Museums and galleries are a great way to spend a morning or afternoon, especially if the weather isn't great. The price of entry depends on the city, in London most museums and galleries are free to enter, however in Stockholm if you want to visit a museum, such as the Vasa Museum, it will cost around €25. 

If you have a student card often you can get discounts and sometimes you can get in for free if you're under 26/25/21 depending on the museum/gallery! The Prado Museum in Madrid let me in for free because I was under 25. 

Also double check the website of the attraction, sometimes they even have free time slots, for example the Louvre in Paris is free Friday nights and the Royal Palace of Madrid is free from 4 - 6 on weekdays (you should bare in mind these times are extra busy).


Without a doubt each city will have some sort of free walking tour that will be running daily. Typically these tours can be 1 - 3 hours and will show you through the main city sites with some background history of each spot. Now, I'll be honest, sometimes these tours can be a little tedious and dare I say... boring. So go with an open mind and if it's not for you then you can leave midway through if you really want. However if you did enjoy it, make sure to leave a tip at the end! 


A lot of major cities, particularly in Europe, Australia and New Zealand, have council run bike programs that you can rent for the day. Typically you can rent them per hour or there will be a flat rate for the day/24 hours. It's a great way to get around the city and places like Amsterdam and Copenhagen, where the cities are designed for cyclists, it's so much more efficient than walking.


You can find these bike docked at different points around the cities, usually in the centre near parks or walkways. Most of them can be accessed with a smart phone app or credit card, so it's easy to just tap and go!


While you might not be able to afford the pricey all day tours, there are plenty of small tours that can cost as little as €10 - €15. Local tour companies do tours for much cheaper than the big named travel brands to entice tourists, and most of the time these tours are way better anyway! You could choose anything from food tours (tapas, tasting menus), cycling tours, historical walks and wine tastings - I went on a great one in Tuscany for only €15, you can read about it here!

I do have a little soft spot for picnics and they are a great, affordable way to spend an afternoon. Get some friends from your hostel, go to your local supermarket and grab some bread, fruit, dips, snacks and maybe even some wine - a speaker and some cards is also a good idea. You could dock anywhere from the beach to a park and it's just super wonderful and wholesome!

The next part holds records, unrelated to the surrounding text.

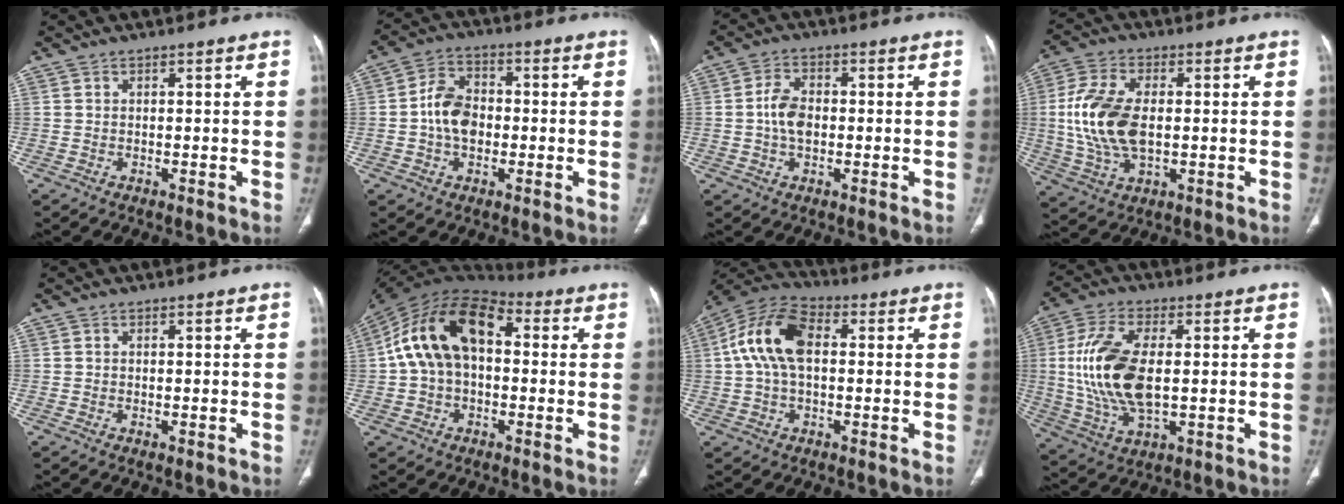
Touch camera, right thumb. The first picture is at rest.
{"total": 8.3, "force": [-0.9, 5.9, 5.8], "torque": [-0.089, 0.019, -0.026]}
{"total": 5.6, "force": [-0.4, 3.6, 4.3], "torque": [-0.079, 0.010, -0.012]}
{"total": 14.1, "force": [0.2, 7.8, 11.7], "torque": [-0.250, 0.001, 0.006]}
{"total": 0.0}
{"total": 16.7, "force": [1.8, 10.7, 12.7], "torque": [-0.222, 0.045, 0.023]}
{"total": 12.8, "force": [1.6, 7.5, 10.2], "torque": [-0.205, 0.032, 0.020]}
{"total": 16.3, "force": [0.7, 8.1, 14.2], "torque": [-0.299, -0.006, 0.017]}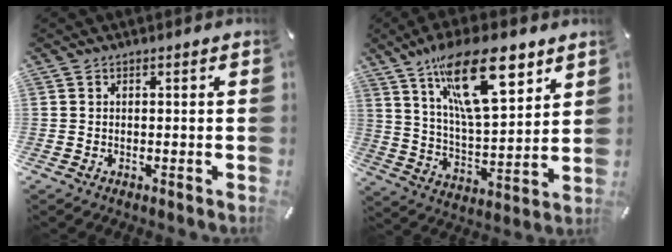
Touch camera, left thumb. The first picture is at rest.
{"total": 21.3, "force": [11.8, 8.9, 15.4], "torque": [-0.272, -0.040, 0.193]}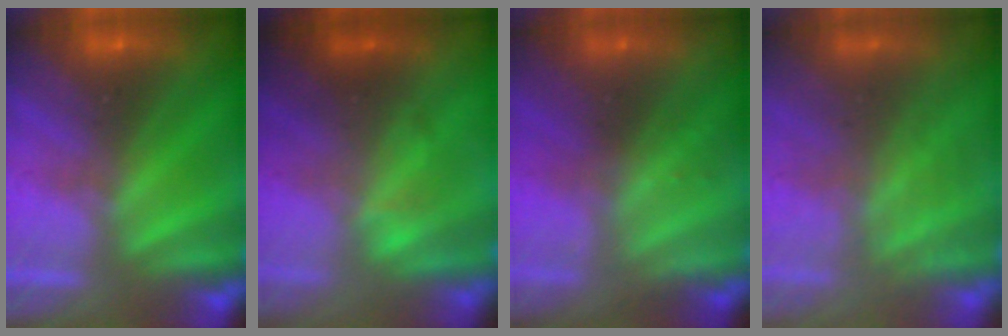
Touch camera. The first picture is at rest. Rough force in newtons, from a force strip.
{"total": 2.1}
{"total": 2.3}
{"total": 2.8}

Whether you're going paddling in the ocean, going on a long walk in the forest or cycling along the rice fields, take some time to enjoy your beautiful surroundings and enjoying nature! Depending on where you are visiting there could be anything from national parks, glaciers, rainforests or under water caves, if you're stuck for ideas ask someone working at your hostel!


Tourist spots are popular for a reason, so why not indulge yourself in some of the 'must see's' that make the city so famous. The price of entry will vary depending on what you're doing, however sometimes you don't even need to go inside to enjoy the beauty. You should priorities attractions that you REALLY want to go in and see, and others that you don't mind checking out from the outside.